How Many People Are Queer? Probably More Than Two Percent

In a federal report released on Tuesday, the 2013 National Health Interview Survey found that just 2% of Americans over the age of 18 identify as gay or lesbian — or at least, that’s the factoid making splashy headlines. In fact, gathering accurate statistics on the overall number of LGBT people is a longstanding issue, and a follow up report by the same agency reveals that their 2% weighted estimate on LGB people (out of the almost 35,000 people originally surveyed) is almost certainly too low. Transgender identity isn’t formally addressed at all.

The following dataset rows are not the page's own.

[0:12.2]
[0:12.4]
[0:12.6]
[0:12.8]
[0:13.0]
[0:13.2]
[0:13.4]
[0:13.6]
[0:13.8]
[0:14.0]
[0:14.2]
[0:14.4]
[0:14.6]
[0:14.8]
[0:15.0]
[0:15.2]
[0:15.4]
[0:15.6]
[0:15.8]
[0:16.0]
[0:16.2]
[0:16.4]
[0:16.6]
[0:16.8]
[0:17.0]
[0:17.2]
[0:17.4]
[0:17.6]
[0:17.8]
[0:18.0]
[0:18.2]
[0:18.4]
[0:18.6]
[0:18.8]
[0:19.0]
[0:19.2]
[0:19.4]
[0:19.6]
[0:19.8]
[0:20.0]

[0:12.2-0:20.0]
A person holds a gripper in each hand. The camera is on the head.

The NHIS Quality Assessment report states,

A small number of sexual minorities (n=5) who identify as something other than gay/lesbian or bisexual were identified, and a number of responses were reflective of a sexual identity in flux (e.g., “not figured out or in the process of figuring out your sexuality”). More concerning are the 45 respondents who indicated that they did not understand the words used with the initial sexual orientation question. While this number appears small, so was the total number of adults identifying as bisexual (n=233). If those respondents who struggled with the terminology would ultimately identify as a sexual minority, the estimates for gay/lesbian and bisexual could be impacted substantially.

Given the very low percentage of adults identifying as gay/lesbian and bisexual, if nonresponse to the question is related to respondents’ sexual orientation (a case of nonignorable nonresponse; Little and Rubin, 1987), the potential for bias in estimates of sexual minorities is considerable.

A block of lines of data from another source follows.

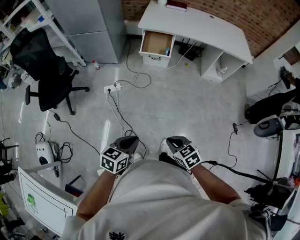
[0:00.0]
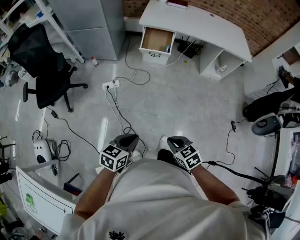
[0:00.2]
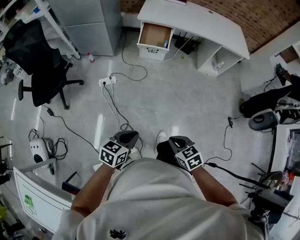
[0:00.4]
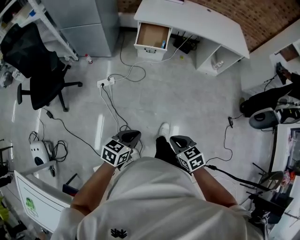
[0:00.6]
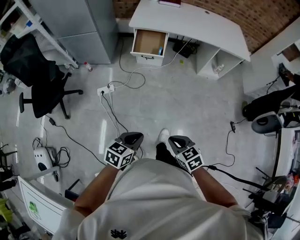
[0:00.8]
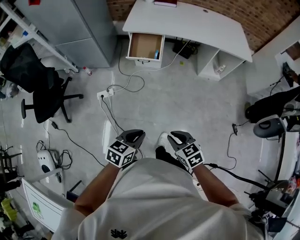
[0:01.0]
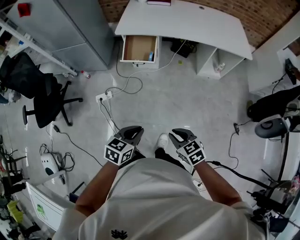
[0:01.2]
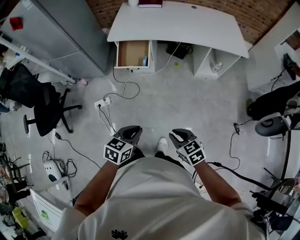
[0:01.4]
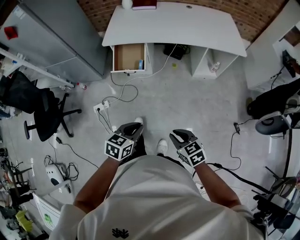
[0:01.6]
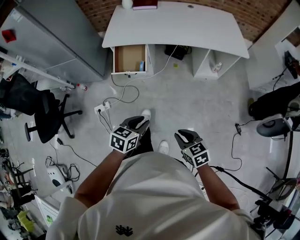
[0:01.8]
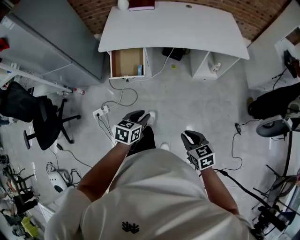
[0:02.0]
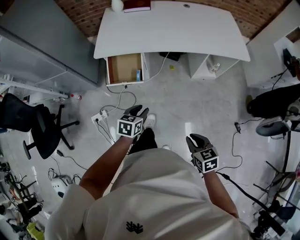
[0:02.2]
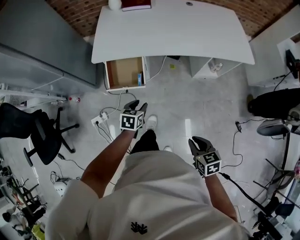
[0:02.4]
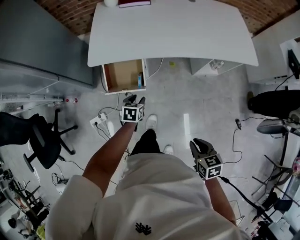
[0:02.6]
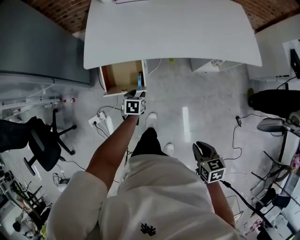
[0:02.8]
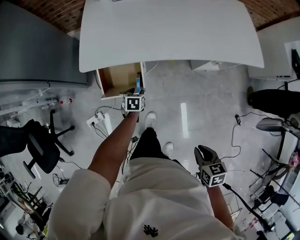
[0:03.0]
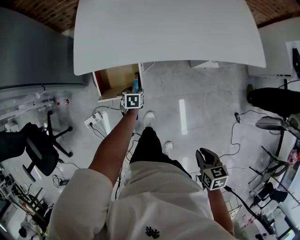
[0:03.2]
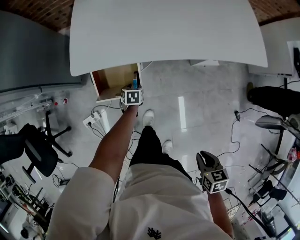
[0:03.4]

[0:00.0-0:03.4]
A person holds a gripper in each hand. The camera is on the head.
0.0 to 1.6 s: The grippers both shift forward and to the right by about 40 cm.
1.6 to 3.4 s: The right gripper goes about 30 cm forward, and rotates approximately 40 degrees; the left gripper moves forward and downward, some 70 cm, changes its angle by about 30 degrees, and opens up.

In plain English: not everyone responded to the questions about sexual orientation, and there’s a good chance that many of them they didn’t answer specifically because they’re queer. In spite of recent political gains, there are still plenty of reasons why queer people might choose not to come out, either in a survey or in their day to day lives. As Andrew Markle at Bilerico aptly observed, “Data is data, but people are people and that is the unpredictable variable in this entire equation.”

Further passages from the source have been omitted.